Johnny Fitzgerald claimed to have won prizes for his handwriting at school. Powerscourt had no reason to doubt it. But he wondered if decades of consumption of Pomerol and Meursault, of Chablis and Chardonnay, of Bordeaux and Beaujolais and Muscadet and Armagnac and the other treasures of Johnny’s wine merchants might not have had an impact, the hand grown shakier with the passing years, some letters and words virtually indistinguishable. Then there were all those hours peering at birds through those heavy German binoculars Johnny was so proud of. That must damage your wrists. The Fitzgerald script was becoming more and more indistinct as it staggered its way down the page and over to the other side. There had, Johnny reported, been an obstacle, was it, in Whitechapel. No, it couldn’t be obstacle, it was miracle. Surely not. Miracle in Whitechapel? Powerscourt read on. There was, at the present time, a major crusade being conducted in the crime-ridden borough by the Salvation Army, ever vigilant for the propagation of the gospel and the salvation of souls. At one of these torch-lit rallies, Powerscourt read, the star turn of the preaching department of the Salvation Army, God’s equivalent to W.G. Grace in Johnny’s phrase, had reaped a mighty harvest of souls. The sinners of Whitechapel had formed long queues to confess their sins and be borne into the bosom of the Lord. And among those carried into this spacious resting place, Powerscourt learnt to his astonishment, was none other than Winston Howard, former burglar, armed robber and vicious inhabitant of His Majesty’s prisons. So great was the conversion that Howard had taken to proselytizing in the unlikely quarter of Whitechapel High Street. Johnny himself, the note went on, had been accosted by the prodigal only the day before and could only effect escape from the speeches of conversion by the purchase of four copies of the Salvation Army newsletter. It was therefore unlikely, in Johnny’s view, that Howard would be contemplating violence against any of God’s creatures, or not for a while at any rate, as long as the Salvation Army had him in their clutches.
The last paragraph was the most difficult to read. Even Lady Lucy, a veteran and expert in decoding Johnny’s messages, was stumped. He was going to watch some birds for a day. Wigeon? Pigeon? Redwing? It was hard to tell. These creatures were expected to come, or was it go, at this time of year over the mudflats of . . . Essex? Sussex? Wessex? Powerscourt doubted if Johnny would be going there. The problems with the decoding became less serious once the last sentence had been deciphered. Johnny would not want Francis to think he was being abandoned. He would be back in London the day after tomorrow. But of one thing he could be sure. Whoever had killed Dauntsey, it was not Winston Howard.
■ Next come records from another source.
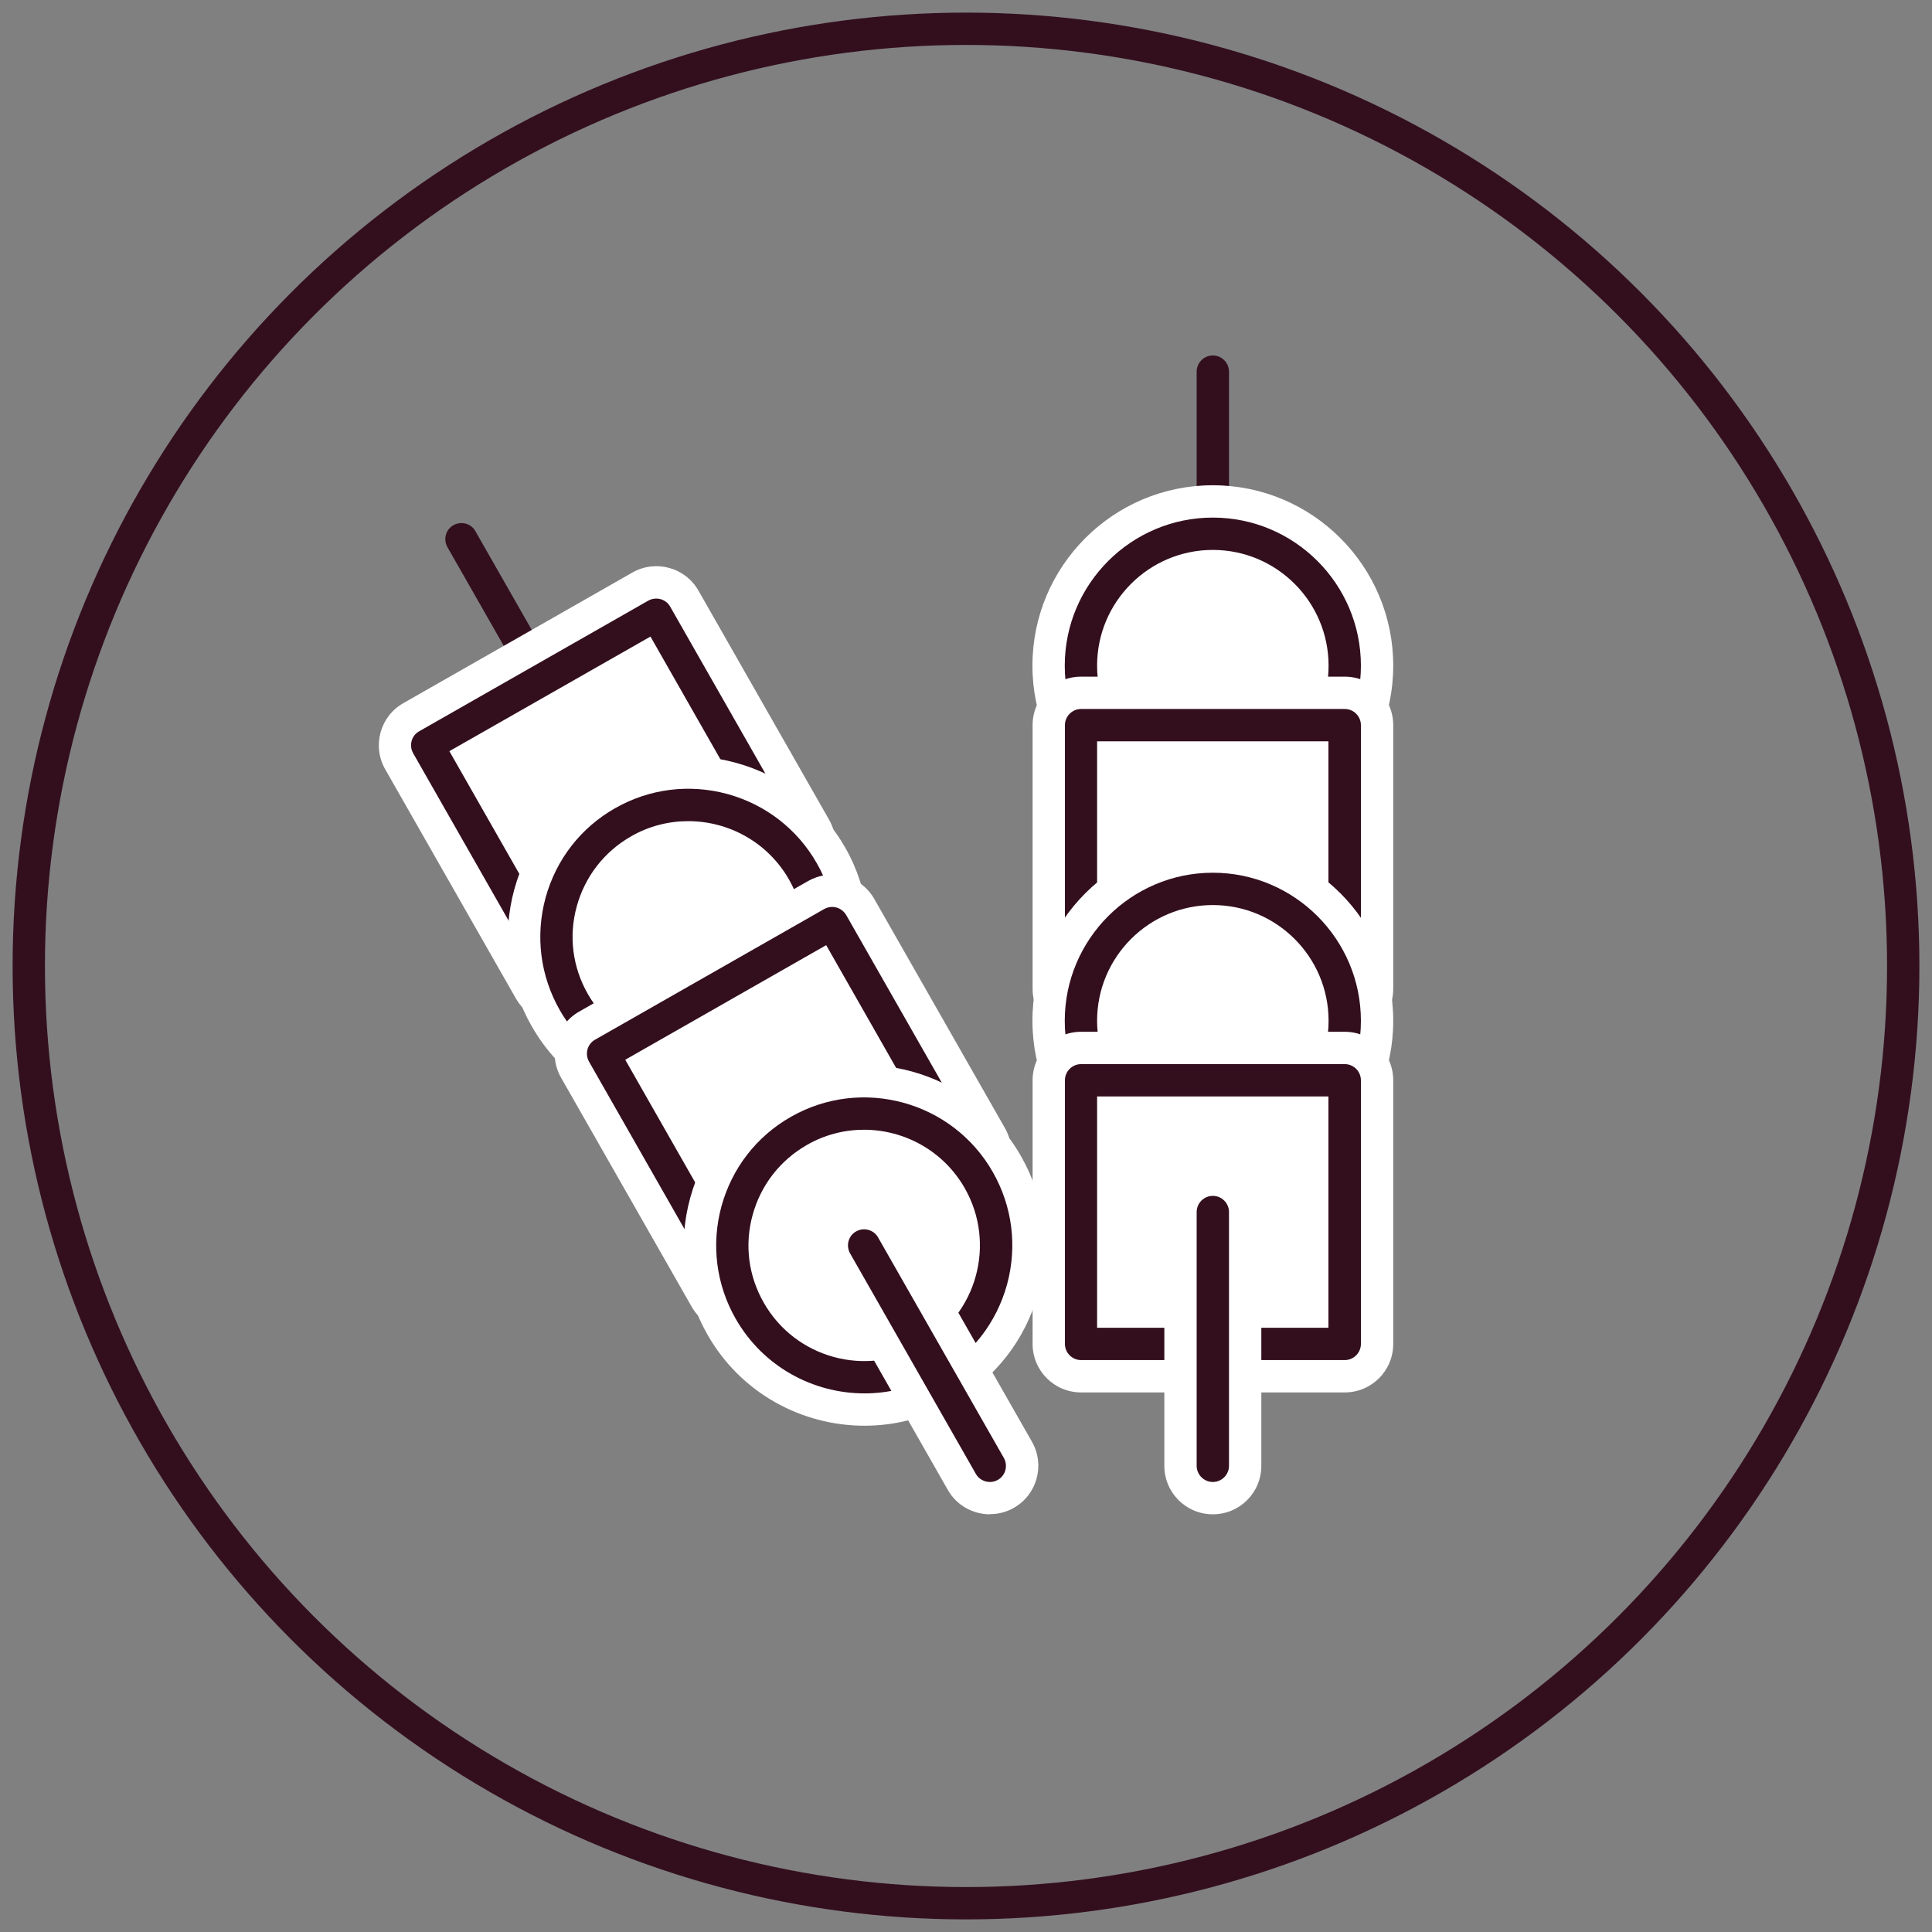 <svg viewBox="0 0 119.52 119.52" xmlns="http://www.w3.org/2000/svg" id="icons">
  <rect x="0" y="0" width="119.52" height="119.52" fill="#808080" stroke="none"/>
  <defs>
    <style>
      .cls-1 {
        fill: #fff;
      }

      .cls-2 {
        fill: none;
        stroke: #330f1e;
        stroke-miterlimit: 10;
        stroke-width: 2px;
      }

      .cls-3 {
        fill: #330f1e;
      }
    </style>
  </defs>
  <g>
    <g>
      <path d="M33.52,43.06c-.35,0-.69-.18-.87-.5l-4.97-8.71c-.27-.48-.11-1.09.37-1.36.48-.27,1.09-.11,1.36.37l4.97,8.71c.27.48.11,1.09-.37,1.36-.16.09-.33.13-.49.13Z" class="cls-3"></path>
      <g>
        <g>
          <rect transform="translate(-19.41 25.05) rotate(-29.69)" height="16.31" width="16.31" y="40.99" x="29.4" class="cls-1"></rect>
          <path d="M34.52,63.28c-1.04,0-2.06-.54-2.61-1.52l-8.08-14.17c-.82-1.44-.32-3.27,1.12-4.09l14.17-8.08c1.44-.82,3.27-.32,4.09,1.12l8.08,14.17c.82,1.44.32,3.27-1.12,4.09l-14.17,8.08c-.47.27-.98.39-1.48.39ZM30.52,47.22l5.11,8.96,8.96-5.11-5.11-8.96-8.96,5.11Z" class="cls-1"></path>
        </g>
        <path d="M34.51,61.27c-.35,0-.69-.18-.87-.5l-8.08-14.17c-.27-.48-.11-1.09.37-1.36l14.17-8.08c.48-.27,1.09-.11,1.36.37l8.08,14.17c.27.48.11,1.09-.37,1.36l-14.17,8.08c-.16.09-.33.13-.49.13ZM27.8,46.47l7.09,12.44,12.44-7.09-7.09-12.44-12.44,7.09Z" class="cls-3"></path>
      </g>
      <g>
        <g>
          <circle r="8.16" cy="57.96" cx="42.58" class="cls-1"></circle>
          <path d="M42.6,69.11c-3.88,0-7.66-2.02-9.71-5.63-1.48-2.59-1.86-5.6-1.07-8.47.79-2.87,2.65-5.27,5.24-6.75,2.59-1.48,5.6-1.86,8.47-1.07,2.88.79,5.27,2.65,6.75,5.23h0c3.05,5.34,1.18,12.17-4.17,15.22-1.74.99-3.64,1.46-5.51,1.46ZM42.57,52.8c-.87,0-1.74.22-2.54.68-1.2.68-2.06,1.79-2.42,3.12s-.19,2.72.49,3.92c.68,1.2,1.79,2.06,3.12,2.42,1.33.36,2.72.19,3.92-.49,2.47-1.41,3.33-4.56,1.92-7.04-.95-1.67-2.7-2.6-4.49-2.6Z" class="cls-1"></path>
        </g>
        <path d="M42.6,67.11c-3.19,0-6.28-1.66-7.97-4.62-1.21-2.12-1.52-4.59-.88-6.95.65-2.36,2.17-4.33,4.3-5.54,2.12-1.21,4.59-1.52,6.95-.88,2.36.65,4.33,2.17,5.54,4.3h0c2.5,4.39.97,9.99-3.42,12.49-1.43.81-2.98,1.2-4.52,1.2ZM42.57,50.8c-1.2,0-2.42.3-3.53.94-1.66.95-2.85,2.48-3.36,4.33s-.26,3.77.69,5.43c.95,1.66,2.48,2.85,4.33,3.36,1.85.5,3.78.26,5.44-.69,3.43-1.95,4.63-6.33,2.67-9.76h0c-1.32-2.31-3.74-3.61-6.23-3.61Z" class="cls-3"></path>
      </g>
      <g>
        <g>
          <rect transform="translate(-27.44 32.95) rotate(-29.69)" height="16.31" width="16.31" y="60.08" x="40.28" class="cls-1"></rect>
          <path d="M45.39,82.36c-.27,0-.53-.04-.79-.11-.77-.21-1.42-.72-1.81-1.41l-8.08-14.17c-.82-1.44-.32-3.27,1.12-4.09l14.17-8.08c.69-.39,1.51-.5,2.28-.29.77.21,1.42.72,1.81,1.41l8.08,14.17c.82,1.44.32,3.27-1.12,4.09l-14.17,8.08c-.46.26-.97.39-1.49.39ZM41.41,66.31l5.11,8.96,8.96-5.11-5.11-8.96-8.96,5.11Z" class="cls-1"></path>
        </g>
        <path d="M45.39,80.36c-.09,0-.18-.01-.26-.04-.26-.07-.47-.24-.61-.47l-8.08-14.17c-.27-.48-.11-1.09.37-1.36l14.17-8.08c.23-.13.51-.17.76-.1.26.07.47.24.61.47l8.08,14.17c.27.48.11,1.09-.37,1.36l-14.17,8.08c-.15.09-.32.13-.5.13ZM38.68,65.56l7.09,12.44,12.43-7.09-7.09-12.44-12.43,7.09Z" class="cls-3"></path>
      </g>
      <g>
        <g>
          <circle r="8.16" cy="77.04" cx="53.46" class="cls-1"></circle>
          <path d="M53.48,88.2c-3.88,0-7.66-2.02-9.71-5.63-1.48-2.59-1.86-5.6-1.07-8.47.79-2.88,2.65-5.27,5.24-6.75,5.34-3.05,12.17-1.18,15.22,4.17h0c1.48,2.59,1.86,5.6,1.07,8.47-.79,2.88-2.65,5.27-5.24,6.75-1.74.99-3.63,1.46-5.51,1.46ZM53.45,71.89c-.87,0-1.74.22-2.55.68-1.2.68-2.06,1.79-2.42,3.12-.36,1.33-.19,2.72.49,3.92,1.41,2.47,4.56,3.34,7.03,1.93,1.2-.68,2.06-1.79,2.42-3.12.36-1.33.19-2.72-.49-3.92-.95-1.67-2.7-2.6-4.49-2.6Z" class="cls-1"></path>
        </g>
        <path d="M53.48,86.2c-3.19,0-6.28-1.66-7.97-4.62-1.21-2.12-1.52-4.59-.88-6.95.65-2.36,2.17-4.33,4.3-5.54,4.38-2.5,9.99-.97,12.49,3.42h0c1.21,2.12,1.52,4.59.88,6.95-.65,2.36-2.17,4.33-4.3,5.54-1.43.81-2.98,1.2-4.52,1.2ZM53.45,69.89c-1.2,0-2.42.3-3.53.94-1.66.95-2.85,2.48-3.36,4.33s-.26,3.77.69,5.43c1.95,3.43,6.33,4.63,9.76,2.67,3.43-1.95,4.63-6.33,2.67-9.76h0c-1.32-2.31-3.74-3.61-6.23-3.61Z" class="cls-3"></path>
      </g>
      <g>
        <path d="M61.24,93.68c-1.04,0-2.06-.54-2.61-1.52l-7.78-13.64c-.82-1.44-.32-3.27,1.12-4.09,1.44-.82,3.27-.32,4.09,1.12l7.78,13.64c.82,1.44.32,3.27-1.12,4.09-.47.27-.98.39-1.48.39Z" class="cls-1"></path>
        <path d="M61.24,91.68c-.35,0-.69-.18-.87-.5l-7.78-13.64c-.27-.48-.11-1.09.37-1.36s1.09-.11,1.36.37l7.78,13.64c.27.48.11,1.09-.37,1.36-.16.09-.33.13-.49.13Z" class="cls-3"></path>
      </g>
    </g>
    <g>
      <path d="M75.03,34.02c-.55,0-1-.45-1-1v-10.03c0-.55.45-1,1-1s1,.45,1,1v10.03c0,.55-.45,1-1,1Z" class="cls-3"></path>
      <g>
        <g>
          <circle r="8.16" cy="41.18" cx="75.03" class="cls-1"></circle>
          <path d="M75.03,52.34c-6.15,0-11.16-5-11.16-11.16s5-11.16,11.16-11.16,11.16,5,11.16,11.16-5,11.16-11.16,11.16ZM75.03,36.02c-2.84,0-5.16,2.31-5.16,5.16s2.31,5.16,5.16,5.16,5.16-2.31,5.16-5.16-2.31-5.16-5.16-5.16Z" class="cls-1"></path>
        </g>
        <path d="M75.03,50.34c-5.05,0-9.16-4.11-9.16-9.16s4.11-9.16,9.16-9.16,9.16,4.11,9.16,9.16-4.11,9.16-9.16,9.16ZM75.03,34.02c-3.95,0-7.16,3.21-7.16,7.16s3.21,7.16,7.16,7.16,7.16-3.21,7.16-7.16-3.21-7.16-7.16-7.16Z" class="cls-3"></path>
      </g>
      <g>
        <g>
          <rect height="16.31" width="16.31" y="44.85" x="66.87" class="cls-1"></rect>
          <path d="M83.19,64.17h-16.31c-1.66,0-3-1.34-3-3v-16.31c0-1.66,1.34-3,3-3h16.31c1.66,0,3,1.34,3,3v16.31c0,1.66-1.34,3-3,3ZM69.87,58.17h10.31v-10.31h-10.31v10.31Z" class="cls-1"></path>
        </g>
        <path d="M83.19,62.17h-16.31c-.55,0-1-.45-1-1v-16.31c0-.55.45-1,1-1h16.31c.55,0,1,.45,1,1v16.31c0,.55-.45,1-1,1ZM67.87,60.17h14.31v-14.31h-14.31v14.31Z" class="cls-3"></path>
      </g>
      <g>
        <g>
          <circle r="8.16" cy="63.15" cx="75.03" class="cls-1"></circle>
          <path d="M75.03,74.31c-6.15,0-11.16-5-11.16-11.16s5-11.16,11.16-11.16,11.16,5,11.16,11.16-5,11.16-11.16,11.16ZM75.03,57.99c-2.84,0-5.16,2.31-5.16,5.16s2.31,5.16,5.16,5.16,5.16-2.31,5.16-5.16-2.31-5.16-5.16-5.16Z" class="cls-1"></path>
        </g>
        <path d="M75.03,72.31c-5.05,0-9.16-4.11-9.16-9.16s4.11-9.16,9.16-9.16,9.16,4.11,9.16,9.16-4.11,9.16-9.16,9.16ZM75.03,55.99c-3.95,0-7.16,3.21-7.16,7.16s3.21,7.16,7.16,7.16,7.16-3.21,7.16-7.16-3.21-7.16-7.16-7.16Z" class="cls-3"></path>
      </g>
      <g>
        <g>
          <rect height="16.31" width="16.31" y="66.82" x="66.87" class="cls-1"></rect>
          <path d="M83.19,86.14h-16.31c-1.66,0-3-1.34-3-3v-16.31c0-1.66,1.34-3,3-3h16.31c1.66,0,3,1.34,3,3v16.31c0,1.66-1.34,3-3,3ZM69.87,80.14h10.31v-10.31h-10.31v10.31Z" class="cls-1"></path>
        </g>
        <path d="M83.19,84.14h-16.31c-.55,0-1-.45-1-1v-16.31c0-.55.45-1,1-1h16.31c.55,0,1,.45,1,1v16.31c0,.55-.45,1-1,1ZM67.87,82.14h14.31v-14.31h-14.31v14.31Z" class="cls-3"></path>
      </g>
      <g>
        <path d="M75.03,93.68c-1.66,0-3-1.34-3-3v-15.7c0-1.66,1.34-3,3-3s3,1.34,3,3v15.7c0,1.66-1.34,3-3,3Z" class="cls-1"></path>
        <path d="M75.03,91.68c-.55,0-1-.45-1-1v-15.7c0-.55.45-1,1-1s1,.45,1,1v15.7c0,.55-.45,1-1,1Z" class="cls-3"></path>
      </g>
    </g>
  </g>
  <circle r="57.98" cy="59.76" cx="59.76" class="cls-2"></circle>
</svg>

The following morning a bizarre meeting was taking place in the Powerscourt dining room in Manchester Square. All the chairs, except three at the top end, had been taken away from the table and placed against the wall. Stretching round the table were a series of cardboard labels, roughly inscribed with a thick black pen, with the legends nine to ten, ten to eleven, eleven to twelve and so on all the way round the clock to seven to eight. And standing behind the three chairs were Powerscourt, Detective Chief Inspector Jack Beecham and his detective sergeant, an absurdly young-looking man called Richard Gibson whose uniform was slightly too big for him. Looking at Sergeant Gibson, Powerscourt wondered if his mother thought he hadn’t finished growing yet. And piled up on the table in front of the trio was an enormous heap of paper, the typed records of the detectives’ interviews with the inhabitants of Queen’s Inn, and the two black notebooks where Powerscourt kept his own records of his interviews. And, to complete the display, several pairs of scissors.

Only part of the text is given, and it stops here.